Splitting the attributes in key=value pairs allows for much greater query time flexibility. A backend system that collects metrics reported by many nodes can compute aggregations for any key/value combination. If all the interesting attributes for a metric were encoded in the name then it would be required to create and maintain fragile regular expressions (and in many cases the desired aggregation would be impossible to achieve.)

Monitor Types

Basic types

  • Gauges
  • Counters
  • Timers

Gauges

A Gauge is simply a Monitor that returns a current value. For example the one minute load average, the size of a queue, the number of threads in a thread pool, etc.

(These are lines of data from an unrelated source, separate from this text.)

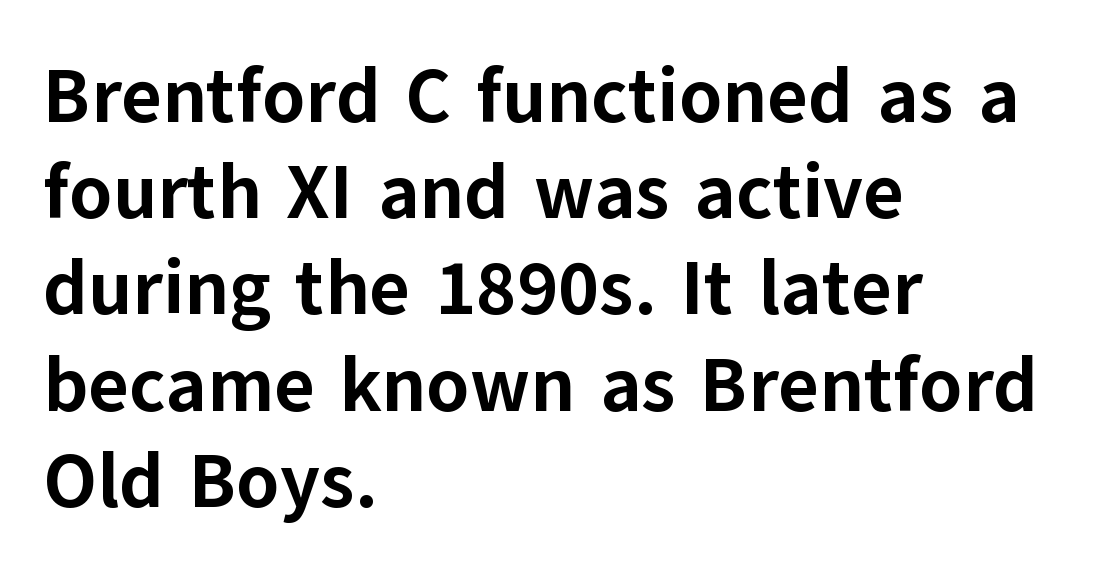
Q: Is the text bold? A: Yes.
Q: Is the text italic (slanted)? A: No, it is upright.
Q: Is the typeface a serif or a sans-serif typeface? A: Sans-serif.
Q: Is the text underlined? A: No.
Q: How is the paragraph aligned? A: Left-aligned.
Q: Is the spacing between letters normal or unusually wide? A: Normal.
Q: Is the spacing between lines tight, normal or loose? A: Normal.
Q: Width (condensed, normal, or wide)? A: Normal.
Q: Stroke contrast? A: Low.
Q: x-height? A: Medium.
Q: Monospaced? A: No.
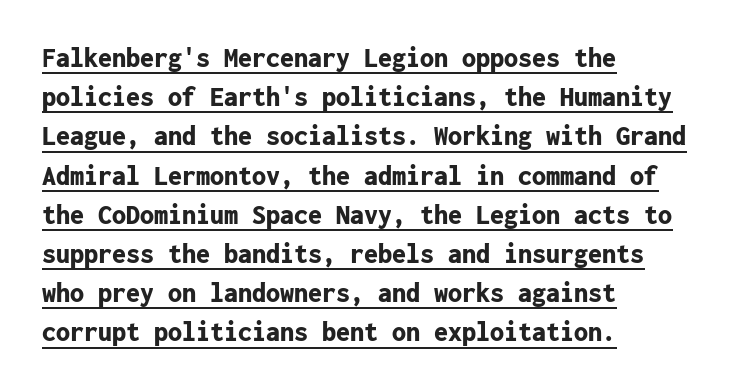
Q: Is the text bold? A: Yes.
Q: Is the text italic (slanted)? A: No, it is upright.
Q: Is the typeface a serif or a sans-serif typeface? A: Sans-serif.
Q: Is the text underlined? A: Yes.
Q: How is the paragraph aligned? A: Left-aligned.
Q: Is the spacing between letters normal or unusually wide? A: Normal.
Q: Is the spacing between lines tight, normal or loose? A: Normal.
Q: Width (condensed, normal, or wide)? A: Normal.
Q: Stroke contrast? A: Low.
Q: x-height? A: Medium.
Q: Monospaced? A: Yes.
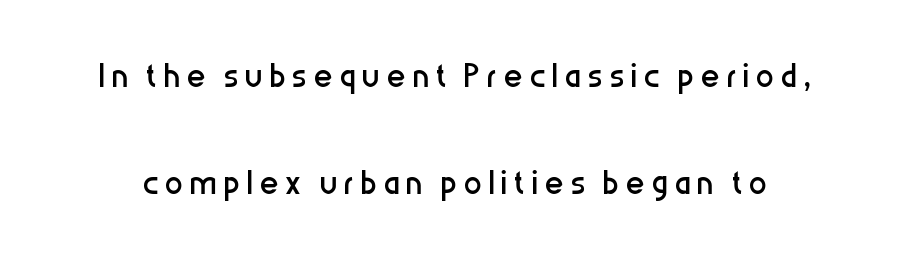
Q: Is the text bold? A: No.
Q: Is the text italic (slanted)? A: No, it is upright.
Q: Is the typeface a serif or a sans-serif typeface? A: Sans-serif.
Q: Is the text underlined? A: No.
Q: Is the spacing between lines tight, normal or loose? A: Loose.
Q: Width (condensed, normal, or wide)? A: Condensed.
Q: Stroke contrast? A: Low.
Q: x-height? A: Medium.
Q: Monospaced? A: No.
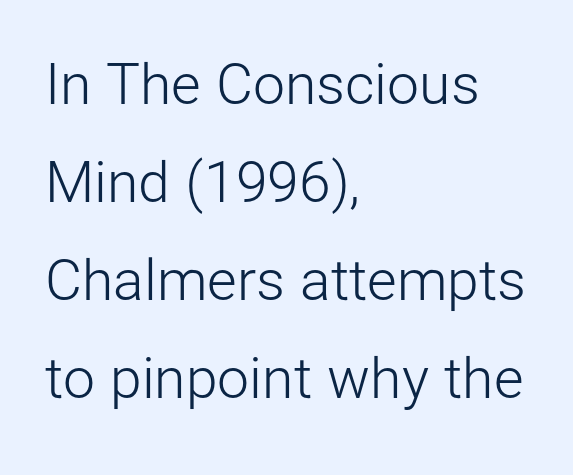
Q: Is the text bold? A: No.
Q: Is the text italic (slanted)? A: No, it is upright.
Q: Is the typeface a serif or a sans-serif typeface? A: Sans-serif.
Q: Is the text underlined? A: No.
Q: How is the paragraph aligned? A: Left-aligned.
Q: Is the spacing between letters normal or unusually wide? A: Normal.
Q: Width (condensed, normal, or wide)? A: Normal.
Q: Stroke contrast? A: Low.
Q: x-height? A: Medium.
Q: Monospaced? A: No.
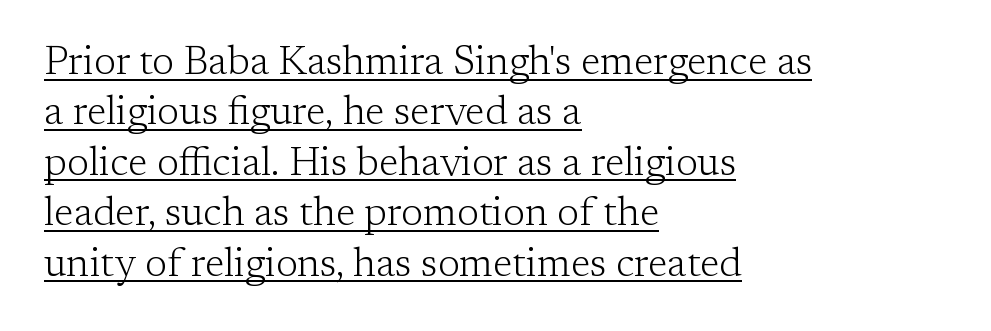
{"serif": "yes", "italic": "no", "bold": "no", "weight": "light", "width": "normal", "stroke_contrast": "low", "x_height": "medium", "monospaced": "no", "underline": "yes", "align": "left", "line_spacing": "normal", "line_spacing_ratio": 1.26, "letter_spacing": "normal", "letter_spacing_em": 0.0, "glyph_px": 40}

Servo provides several implementations of gauges:

BasicGauge

A BasicGauge invokes a given Callable to get the current value. For example:

 ...
 private final BlockingQueue<UpdateTasks> pushQueue;

 private final Gauge<Integer> pushQueueSize = new BasicGauge<Integer>(
            MonitorConfig.builder("pushQueue").build(), new Callable<Integer>() {
        @Override
        public Integer call() throws Exception {
            return pushQueue.size();
        }
    });

MinGauge and MaxGauge

A MinGauge is a gauge that keeps track of the minimum value seen since the last reset. A MaxGauge is a gauge that keeps track of the maximum value seen since the last reset. Updates should be non-negative. In case of no updates the value 0 is returned.

  ...
  private final MinGauge minDiskFree = new MinGauge(MonitorConfig.builder("diskFreeMin").build());
  private final MaxGauge maxDiskFree = new MaxGauge(MonitorConfig.builder("diskFreeMax").build());

  ...
  private void updateDiskFreeStats(long curValue) {
    minDiskFree.update(curValue);
    maxDiskFree.update(curValue);
  }

NumberGauge: LongGauge and DoubleGauge

A NumberGauge just wraps a provided Number. The number needs to be be thread-safe for access by a background thread. For example:

  private final AtomicInteger n = new AtomicInteger(0);
  private final NumberGauge gauge = new NumberGauge(MonitorConfig.builder("someNumber").build(), n);
  ...

  private void update() {
    if (someCondition) {
        n.set(10);
    } else {
        n.incrementAndGet();
    }
  }

Two very common use cases are to wrap AtomicLong or AtomicDouble numbers, and the provided LongGauge and DoubleGauge do just that:

  private final LongGauge tp90 = new LongGauge(MonitorConfig.builder("tp90").build());
  private final DoubleGauge stdDev = new DoubleGauge(MonitorConfig.builder("stddev").build());
  ...

  private void computeStats() {
    // compute these
    long computedP90 = 10;
    double computedStdDev = 1.0;

    // then
    tp90.set(computedP90);
    stdDev.set(computedStdDev);
  }

Counters

Counters are monitors that provide increment() and increment(long delta) methods. There are several types of counters available in Servo. You can get a default Counter by calling Monitors.newCounter(String name), or you can instantiate a specific type of Counter. For example:

    Counter basic = new BasicCounter(MonitorConfig.builder("basic").build());
    Counter rate = new ResettableCounter(MonitorConfig.builder("resettable").build());
    Counter peakRate = new PeakRateCounter(MonitorConfig.builder("peak").build());

    void someMethod() {
        basic.increment();
        rate.increment();
        peakRate.increment();
    }

The difference among counter types is what they report on the getValue() call.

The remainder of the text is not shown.